If Foley was despondent or shocked or upset or even solemn, he certainly did not let on during a phone interview in which he mostly thanked Woods for the opportunity and acknowledged that sometimes a parting such as this is inevitable.
"We both sensed it," Foley said. "I know the world won't want to believe that two people can go in different directions without being upset with each other. It was a wonderful opportunity. I'm very grateful. This is not a sad day."
Foley knew what he signed up for back in 2010 when Woods called him on the Saturday night of the WGC-Bridgestone Invitational, his struggles on a Firestone Country Club course he otherwise has owned a clue that his game was a mess at the same time he was trying to put his personal life back together.
Woods would need more than a year to win again, but he captured nine worldwide titles under Foley's guidance, including five in 2013, a player-of-the-year season in which he had the second-best scoring average, the best all-around ranking, as well as the season money title.
But Woods didn't add to his 14 major titles under Foley, posting four top-10s in 12 attempts while also missing four majors due to injury.
And while Foley has become fodder for a multitude of critics as Woods failed to win one of the four biggest tournaments and his struggles with the driver continued, he should not be blamed.

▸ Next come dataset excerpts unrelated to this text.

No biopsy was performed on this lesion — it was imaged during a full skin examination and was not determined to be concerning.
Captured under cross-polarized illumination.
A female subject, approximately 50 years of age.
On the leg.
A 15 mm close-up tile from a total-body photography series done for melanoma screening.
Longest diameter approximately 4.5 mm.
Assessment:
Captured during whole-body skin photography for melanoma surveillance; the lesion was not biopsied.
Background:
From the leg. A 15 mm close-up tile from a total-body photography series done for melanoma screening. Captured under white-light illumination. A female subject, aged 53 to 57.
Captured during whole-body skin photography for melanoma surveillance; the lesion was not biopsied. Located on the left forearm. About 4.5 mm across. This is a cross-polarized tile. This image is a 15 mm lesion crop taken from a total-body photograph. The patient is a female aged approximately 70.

While the golf swing experts can pick apart the various nuances of the swing and try to decipher what Woods is doing right or wrong amid Foley's influence, the fact is that there is too much that is unknown.
Woods' former teacher, Hank Haney, was suggesting as long as four and five years ago that the golfer was not putting in the work necessary to succeed. Practice sessions were less, commitment not the same. That's one man's opinion, but if that is the case, then how is it Foley's -- or any teacher's -- fault?
And then there is what happens behind the scenes. Woods' practice sessions aside from tournament play are not open to the public to be poked and prodded. While Foley might have offered advice, who said Woods always took it? He is his own man, with his own thoughts, and many players use bits and pieces of what they are offered.
A coach can only do so much. He can't give advice between the ropes. He can't necessarily control how much a player practices or even works on his short game. It is an individual sport, and the blame almost fully rests with the guy hitting the shots.
It is true that Woods' inability to figure out the driver and how to get it in play consistently has been a vexing problem. And yet, how much better was it five years ago when Woods won seven times worldwide?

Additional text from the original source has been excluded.